Sicuramente l’importanza che dà l’autore all’attività onirica è influenzata dalla poetica di Pessoa. Per il poeta la vita reale è nel sogno perché aderisce alle aspirazioni più intime dell’uomo, quelle che, anche razionalmente, non riesce a vedere e accettare.

Non ho fatto altro che sognare. Questo, e questo soltanto, è sempre stato il senso della mia vita. Non ho mai avuto altra preoccupazione vera se non la mia interiore. I più grandi dolori della mia vita sfumano quando, aprendo la finestra che si affaccia sulla strada del mio sogno e guardando il suo andamento, posso dimenticare me stesso.113

Il sogno, nel Libro dell’inquietudine, viene confuso con la realtà, come accade anche in Requiem e in Notturno indiano, in cui il protagonista, preda dell’insonnia e di allucinazioni dovute alla dormiveglia, fa dei sogni lucidi.

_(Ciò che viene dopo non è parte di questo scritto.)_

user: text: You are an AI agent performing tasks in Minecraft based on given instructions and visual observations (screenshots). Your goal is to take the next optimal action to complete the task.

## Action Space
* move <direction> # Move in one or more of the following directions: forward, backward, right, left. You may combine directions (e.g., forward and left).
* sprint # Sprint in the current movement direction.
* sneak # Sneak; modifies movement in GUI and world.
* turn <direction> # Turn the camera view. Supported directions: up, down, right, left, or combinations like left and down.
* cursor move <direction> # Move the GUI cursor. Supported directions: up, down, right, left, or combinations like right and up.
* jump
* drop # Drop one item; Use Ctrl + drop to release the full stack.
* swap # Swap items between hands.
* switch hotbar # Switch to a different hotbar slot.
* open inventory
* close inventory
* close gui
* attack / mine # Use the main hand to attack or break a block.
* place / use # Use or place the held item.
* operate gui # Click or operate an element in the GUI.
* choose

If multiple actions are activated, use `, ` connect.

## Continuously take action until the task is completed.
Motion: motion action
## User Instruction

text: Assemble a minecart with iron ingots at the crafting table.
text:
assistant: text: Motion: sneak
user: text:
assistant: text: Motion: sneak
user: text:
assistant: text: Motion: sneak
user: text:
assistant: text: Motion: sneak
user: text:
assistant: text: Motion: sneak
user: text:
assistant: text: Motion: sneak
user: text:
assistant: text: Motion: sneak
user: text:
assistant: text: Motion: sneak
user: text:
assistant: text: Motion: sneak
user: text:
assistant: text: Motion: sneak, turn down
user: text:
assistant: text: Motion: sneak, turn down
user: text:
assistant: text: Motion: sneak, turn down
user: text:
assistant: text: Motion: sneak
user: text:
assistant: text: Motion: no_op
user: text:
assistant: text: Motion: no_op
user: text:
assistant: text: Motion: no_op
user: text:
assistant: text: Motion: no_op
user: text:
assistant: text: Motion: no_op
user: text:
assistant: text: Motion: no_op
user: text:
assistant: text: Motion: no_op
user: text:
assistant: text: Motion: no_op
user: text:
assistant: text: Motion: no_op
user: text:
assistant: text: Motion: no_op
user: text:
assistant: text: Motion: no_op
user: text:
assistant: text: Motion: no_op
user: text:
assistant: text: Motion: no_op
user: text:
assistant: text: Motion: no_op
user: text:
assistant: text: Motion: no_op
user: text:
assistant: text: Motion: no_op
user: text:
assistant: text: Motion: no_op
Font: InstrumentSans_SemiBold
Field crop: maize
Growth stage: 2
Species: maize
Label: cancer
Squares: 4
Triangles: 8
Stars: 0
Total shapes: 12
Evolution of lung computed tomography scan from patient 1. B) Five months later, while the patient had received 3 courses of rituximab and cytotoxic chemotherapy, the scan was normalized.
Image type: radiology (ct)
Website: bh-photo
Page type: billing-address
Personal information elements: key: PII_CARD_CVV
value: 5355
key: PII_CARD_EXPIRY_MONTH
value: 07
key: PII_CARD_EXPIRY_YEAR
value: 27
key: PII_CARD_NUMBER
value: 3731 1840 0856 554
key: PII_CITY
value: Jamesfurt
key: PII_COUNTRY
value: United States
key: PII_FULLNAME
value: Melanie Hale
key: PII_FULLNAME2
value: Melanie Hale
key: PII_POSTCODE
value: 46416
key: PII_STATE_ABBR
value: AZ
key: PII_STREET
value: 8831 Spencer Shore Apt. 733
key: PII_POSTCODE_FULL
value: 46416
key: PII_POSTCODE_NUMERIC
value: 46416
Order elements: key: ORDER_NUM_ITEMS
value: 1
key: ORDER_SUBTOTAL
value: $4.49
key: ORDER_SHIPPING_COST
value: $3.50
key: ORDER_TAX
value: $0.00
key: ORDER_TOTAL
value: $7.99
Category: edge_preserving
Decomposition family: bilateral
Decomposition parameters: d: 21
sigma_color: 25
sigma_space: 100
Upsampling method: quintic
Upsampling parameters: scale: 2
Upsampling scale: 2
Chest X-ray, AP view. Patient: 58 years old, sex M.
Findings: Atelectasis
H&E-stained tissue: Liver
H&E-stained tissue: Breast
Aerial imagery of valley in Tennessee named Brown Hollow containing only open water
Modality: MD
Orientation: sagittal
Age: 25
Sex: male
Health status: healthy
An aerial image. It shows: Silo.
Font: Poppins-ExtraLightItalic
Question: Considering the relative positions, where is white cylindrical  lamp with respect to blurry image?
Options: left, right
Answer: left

I sogni in Tabucchi non vengono mai analizzati o interpretati. Sono consegnati integri alla storia e alla interpretazione del lettore. I personaggi che sognano vivono l’esperienza onirica con casualità. Il fatto che né il narratore né il protagonista

112 TRENTINI 2003, pp. 141, 142. 113 PESSOA 1986, pp. 214, 215.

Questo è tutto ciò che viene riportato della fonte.